As the title says, I was interested in trying to play around with rank-hot encoding for ordinal data (sometimes also called thermometer encoding).
It’s like one-hot, but instead of a single 1 in the position associated with a particular ordinal rank, all rank indicators up to and below the observed rank are coded as 1’s, while all rank indicators above the observed rank are coded as 0’s.
To give an example, the vector
[1, 3, 2, 5]
should lead to the matrix (assuming observations are row-wise):
1 0 0 0 0
1 1 1 0 0
1 1 0 0 0
1 1 1 1 1
I took a stab at making a function that uses CategoricalArrays; it works, but I thought I’d post and see if anyone has suggestions for a better approach.
using CategoricalArrays
v = ["Group A", "Group A", "Group B", "Group C", "Group C", "Group D"]

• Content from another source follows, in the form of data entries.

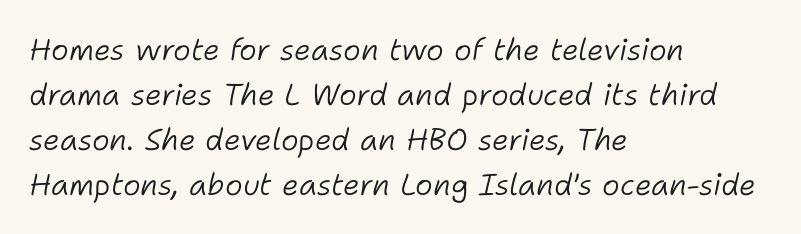
Q: Is the text bold? A: No.
Q: Is the text italic (slanted)? A: Yes, it leans right by about 11 degrees.
Q: Is the text underlined? A: No.
Q: How is the paragraph aligned? A: Left-aligned.
Q: Is the spacing between letters normal or unusually wide? A: Normal.
Q: Is the spacing between lines tight, normal or loose? A: Normal.
Q: Width (condensed, normal, or wide)? A: Normal.
Q: Stroke contrast? A: Low.
Q: x-height? A: Medium.
Q: Monospaced? A: No.

cv = categorical(v) # Convert string array to categorical array
function rankhot(x)
# Get number of levels of ordinal variable
max_level = maximum(levelcode.(x))
# Number of ordinal observations in vector x
n = length(x)
# Create an N x L matrix (observations x number of levels)
# to store results
y = Matrix{Float64}(undef, n, max_level)
for i in 1:max_level
for j in 1:n
# Check that the current level number is less than or
# equal to the level number of the current observation
# If it is, assign 1, else 0
y[j, i] = (i <= levelcode(x[j])) ? 1. : 0.
end
end
return y
end
rankhot(cv)
This works fine, but I was curious if anyone had suggestions for improvements - for example, something that uses (and outputs) a DataFrame (which I am planning to try and use more in the future), maybe a simpler function (map or comprehensions?).
Frankly, I had initially planned to take one of the one-hot encoding implementations out there and adapt it, but I admit I found following most of their code a bit difficult to understand (though I admit I didn’t spend a huge amount of time trying). Maybe later.